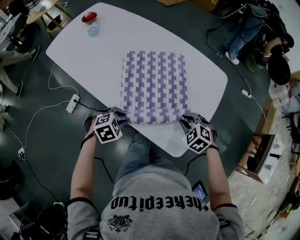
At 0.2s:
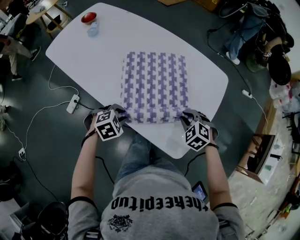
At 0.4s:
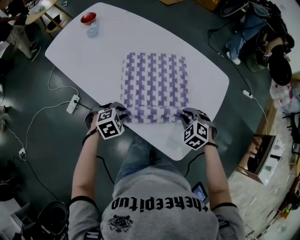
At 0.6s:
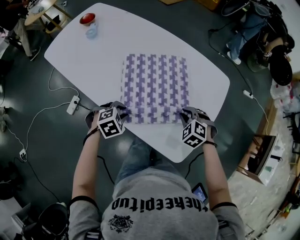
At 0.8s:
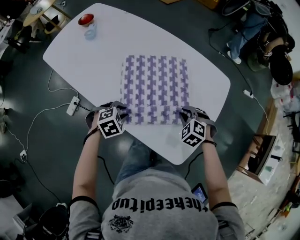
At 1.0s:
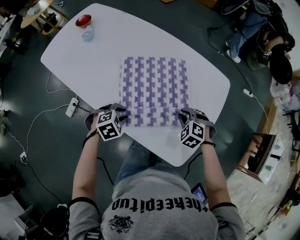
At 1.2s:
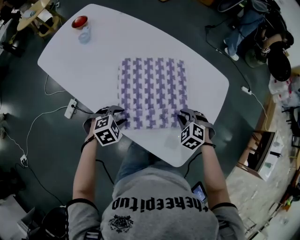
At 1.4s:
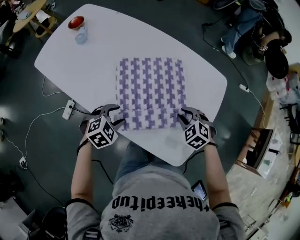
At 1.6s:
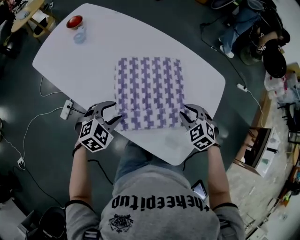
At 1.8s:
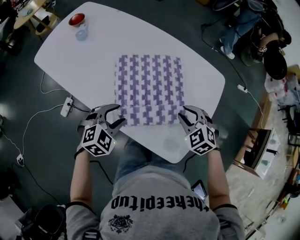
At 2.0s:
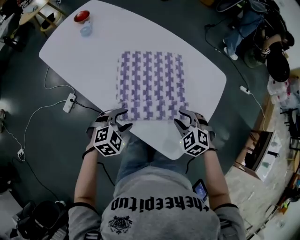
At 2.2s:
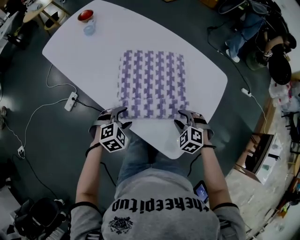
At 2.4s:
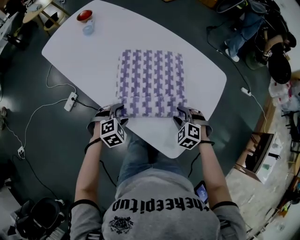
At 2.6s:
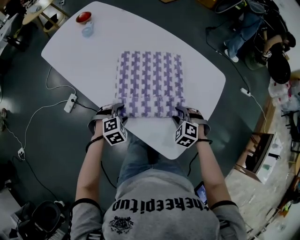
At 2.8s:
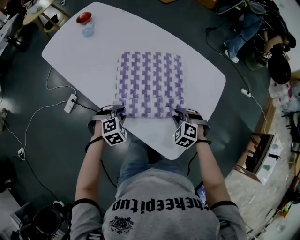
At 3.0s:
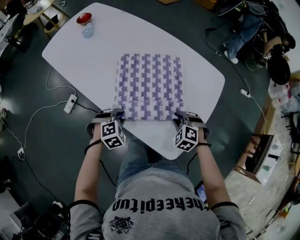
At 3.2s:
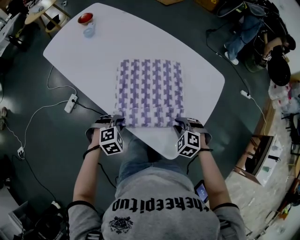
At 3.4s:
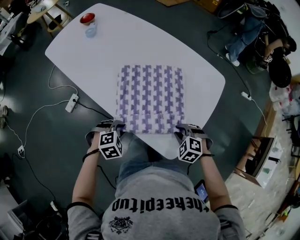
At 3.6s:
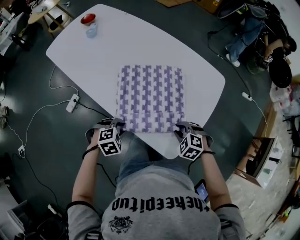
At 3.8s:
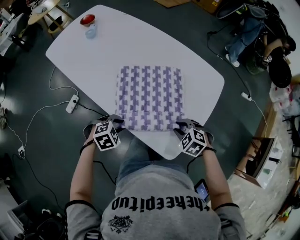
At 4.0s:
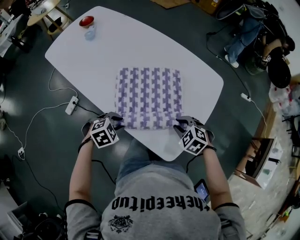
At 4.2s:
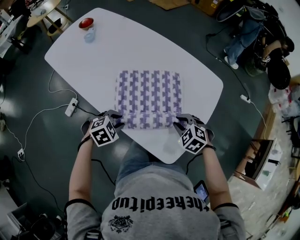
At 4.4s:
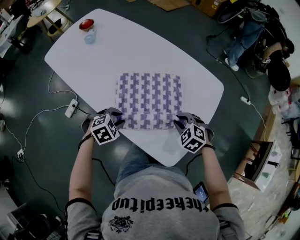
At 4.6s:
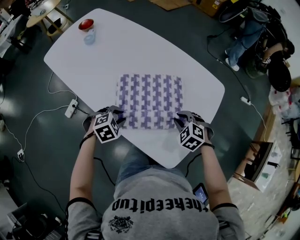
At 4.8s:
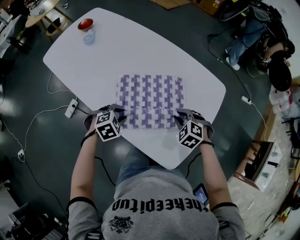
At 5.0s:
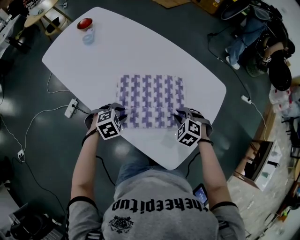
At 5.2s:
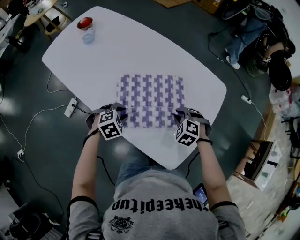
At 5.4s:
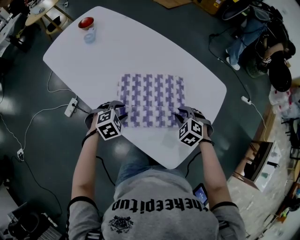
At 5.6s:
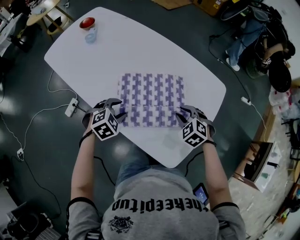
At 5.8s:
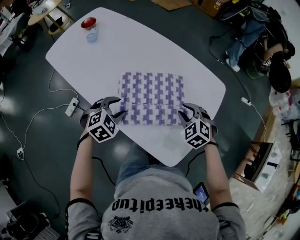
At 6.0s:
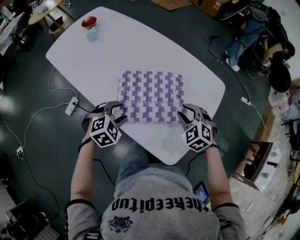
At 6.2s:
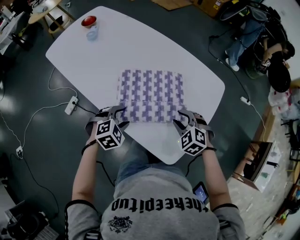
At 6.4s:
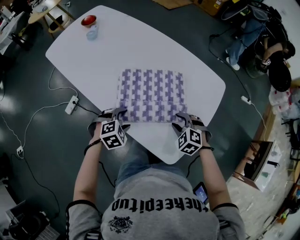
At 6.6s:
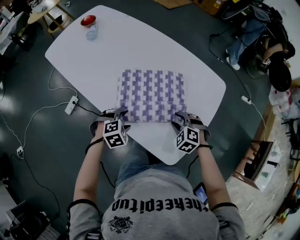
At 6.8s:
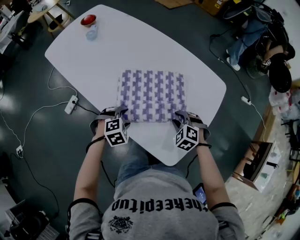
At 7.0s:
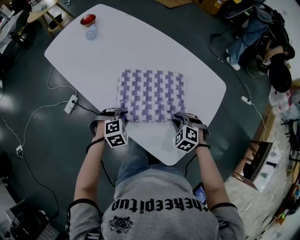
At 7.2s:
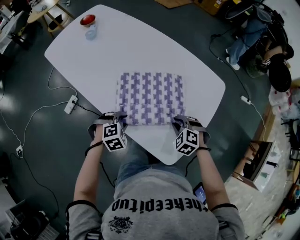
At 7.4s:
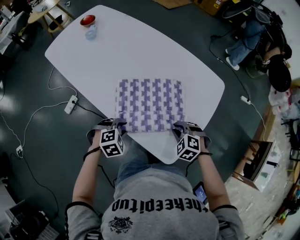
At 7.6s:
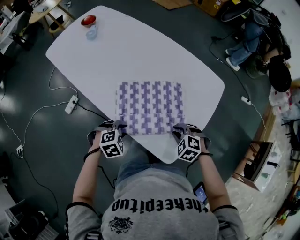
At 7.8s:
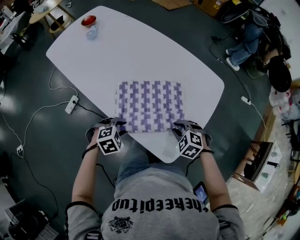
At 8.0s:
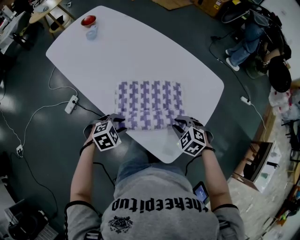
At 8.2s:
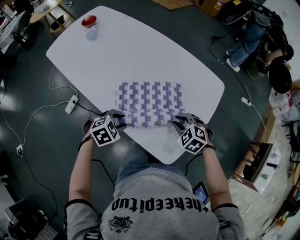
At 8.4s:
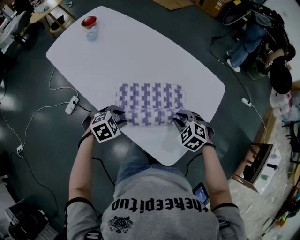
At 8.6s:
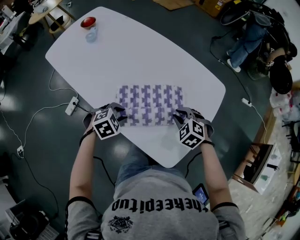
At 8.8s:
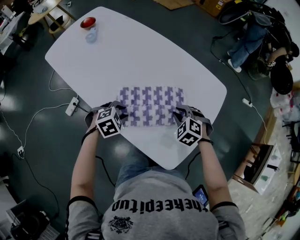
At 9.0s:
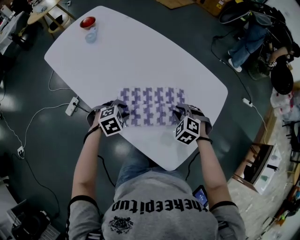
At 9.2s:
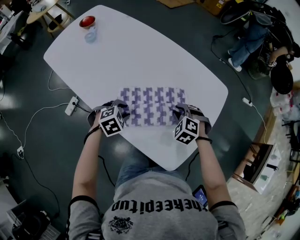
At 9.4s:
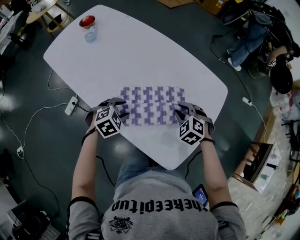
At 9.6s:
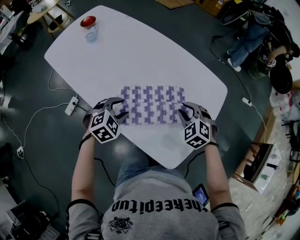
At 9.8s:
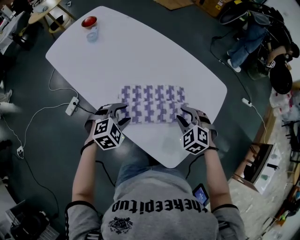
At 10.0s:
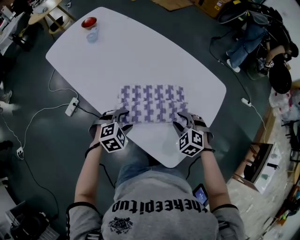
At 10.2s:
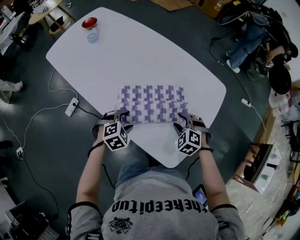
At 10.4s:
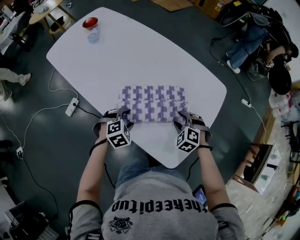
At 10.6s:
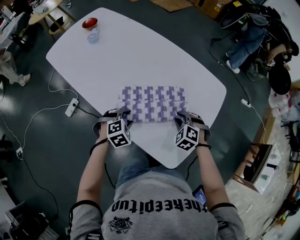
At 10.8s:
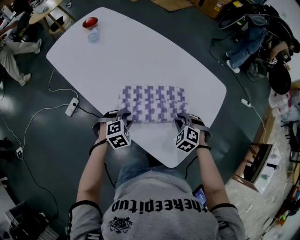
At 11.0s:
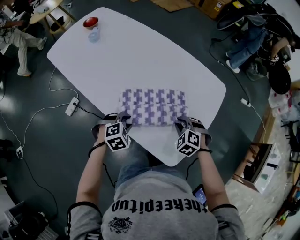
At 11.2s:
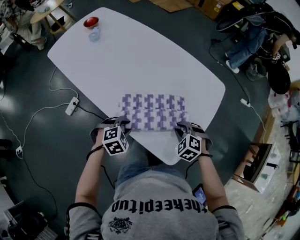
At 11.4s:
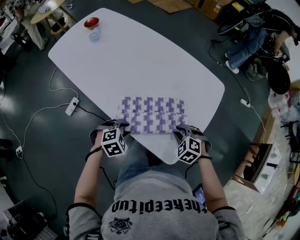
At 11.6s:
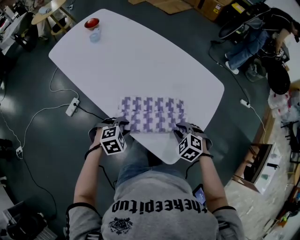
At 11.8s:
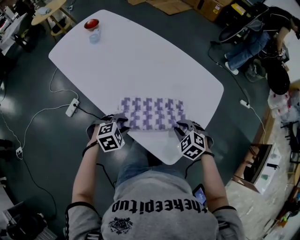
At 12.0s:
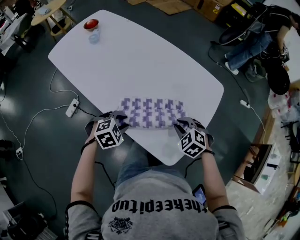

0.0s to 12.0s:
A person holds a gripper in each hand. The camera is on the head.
0.0s to 1.6s: The right gripper travels forward by approximately 10 cm; the left gripper shifts roughly 10 cm forward and upward, changes its angle by roughly 20 degrees, and opens its fingers.
1.6s to 3.0s: Both grippers move downward, roughly 10 cm. The left gripper changes its angle by about 20 degrees, and closes; the right gripper changes its angle by some 20 degrees.
3.0s to 4.4s: The two grippers go roughly 10 cm forward.
4.4s to 6.0s: The right gripper is displaced upward by some 5 cm. The left gripper shifts by about 5 cm.
6.0s to 7.6s: The two grippers go about 5 cm downward.
7.6s to 9.0s: The grippers both shift forward by approximately 10 cm.
9.0s to 10.4s: The left gripper opens up. The right gripper moves about 5 cm, and opens up.
10.4s to 12.0s: Both grippers move upward, some 10 cm. The right gripper goes backward and returns, some 10 cm each way, and closes its fingers; the left gripper travels backward and back again, roughly 10 cm each way, and closes its fingers.

» **Exercise instructions**
Pictures aside, give the data again exactly as it appears.

» **Solution to this task**
At 0.2s:
At 0.4s:
At 0.6s:
At 0.8s:
At 1.0s:
At 1.2s:
At 1.4s:
At 1.6s:
At 1.8s:
At 2.0s:
At 2.2s:
At 2.4s:
At 2.6s:
At 2.8s:
At 3.0s:
At 3.2s:
At 3.4s:
At 3.6s:
At 3.8s:
At 4.0s:
At 4.2s:
At 4.4s:
At 4.6s:
At 4.8s:
At 5.0s:
At 5.2s:
At 5.4s:
At 5.6s:
At 5.8s:
At 6.0s:
At 6.2s:
At 6.4s:
At 6.6s:
At 6.8s:
At 7.0s:
At 7.2s:
At 7.4s:
At 7.6s:
At 7.8s:
At 8.0s:
At 8.2s:
At 8.4s:
At 8.6s:
At 8.8s:
At 9.0s:
At 9.2s:
At 9.4s:
At 9.6s:
At 9.8s:
At 10.0s:
At 10.2s:
At 10.4s:
At 10.6s:
At 10.8s:
At 11.0s:
At 11.2s:
At 11.4s:
At 11.6s:
At 11.8s:
At 12.0s:

0.0s to 12.0s:
A person holds a gripper in each hand. The camera is on the head.
0.0s to 1.6s: The right gripper travels forward by approximately 10 cm; the left gripper shifts roughly 10 cm forward and upward, changes its angle by roughly 20 degrees, and opens its fingers.
1.6s to 3.0s: Both grippers move downward, roughly 10 cm. The left gripper changes its angle by about 20 degrees, and closes; the right gripper changes its angle by some 20 degrees.
3.0s to 4.4s: The two grippers go roughly 10 cm forward.
4.4s to 6.0s: The right gripper is displaced upward by some 5 cm. The left gripper shifts by about 5 cm.
6.0s to 7.6s: The two grippers go about 5 cm downward.
7.6s to 9.0s: The grippers both shift forward by approximately 10 cm.
9.0s to 10.4s: The left gripper opens up. The right gripper moves about 5 cm, and opens up.
10.4s to 12.0s: Both grippers move upward, some 10 cm. The right gripper goes backward and returns, some 10 cm each way, and closes its fingers; the left gripper travels backward and back again, roughly 10 cm each way, and closes its fingers.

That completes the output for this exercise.